▶ [TASK BRIEF]
Leaving every picture out, repeat all of the entries below exactly.

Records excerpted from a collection
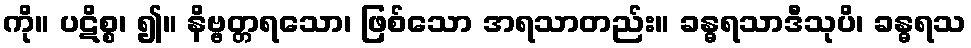
ကို။ ပဋိစ္စ၊ ၍။ နိဗ္ဗတ္တရသော၊ ဖြစ်သော အရသာတည်း။ ခန္ဓရသာဒီသုပိ၊ ခန္ဓရသ
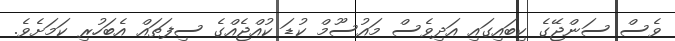
ވެސް ސަންޖޭގެ ކިބައިގައި އަދިވެސް މައުސޫމް ކުޑަ ކުއްޖެއްގެ ސިފަތައް އެބަހުރި ކަމަށެވެ.
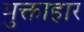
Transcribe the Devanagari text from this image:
मुक्ताहार
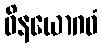
ဝိနယောဂဓံ
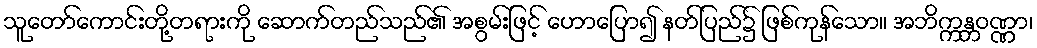
သူတော်ကောင်းတို့တရားကို ဆောက်တည်သည်၏ အစွမ်းဖြင့် ဟောပြော၍ နတ်ပြည်၌ ဖြစ်ကုန်သော။ အဘိက္ကန္တဝဏ္ဏာ၊
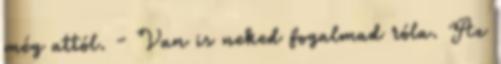
még attól. - Van is neked fogalmad róla. Az
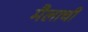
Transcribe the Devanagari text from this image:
मैलाची
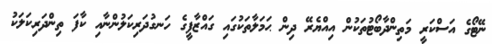
ނޭޓޯގެ އަސްކަރީ މަތިންދާބޯޓުތަކުން އިއްޔެރޭ ދިން ޙަމަލާތަކުގައި ގައްޒާފީގެ ހަނގުދަރިކަލުންނާއި ކާފަ ތިންދަރިކަލަކު
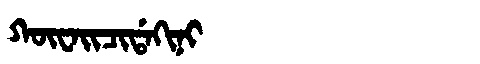
Manchu: ᡴᡡᠸᠠᡳᠴᡳᡩᠠᡴᡳᠨᡳ
Romanization: KŪWAICIDAKINI

▶ [RESPONSE FOR THIS EXERCISE]
ကို။ ပဋိစ္စ၊ ၍။ နိဗ္ဗတ္တရသော၊ ဖြစ်သော အရသာတည်း။ ခန္ဓရသာဒီသုပိ၊ ခန္ဓရသ
ވެސް ސަންޖޭގެ ކިބައިގައި އަދިވެސް މައުސޫމް ކުޑަ ކުއްޖެއްގެ ސިފަތައް އެބަހުރި ކަމަށެވެ.
Transcribe the Devanagari text from this image:
मुक्ताहार
ဝိနယောဂဓံ
သူတော်ကောင်းတို့တရားကို ဆောက်တည်သည်၏ အစွမ်းဖြင့် ဟောပြော၍ နတ်ပြည်၌ ဖြစ်ကုန်သော။ အဘိက္ကန္တဝဏ္ဏာ၊
még attól. - Van is neked fogalmad róla. Az
Transcribe the Devanagari text from this image:
मैलाची
ނޭޓޯގެ އަސްކަރީ މަތިންދާބޯޓުތަކުން އިއްޔެރޭ ދިން ޙަމަލާތަކުގައި ގައްޒާފީގެ ހަނގުދަރިކަލުންނާއި ކާފަ ތިންދަރިކަލަކު
Manchu: ᡴᡡᠸᠠᡳᠴᡳᡩᠠᡴᡳᠨᡳ
Romanization: KŪWAICIDAKINI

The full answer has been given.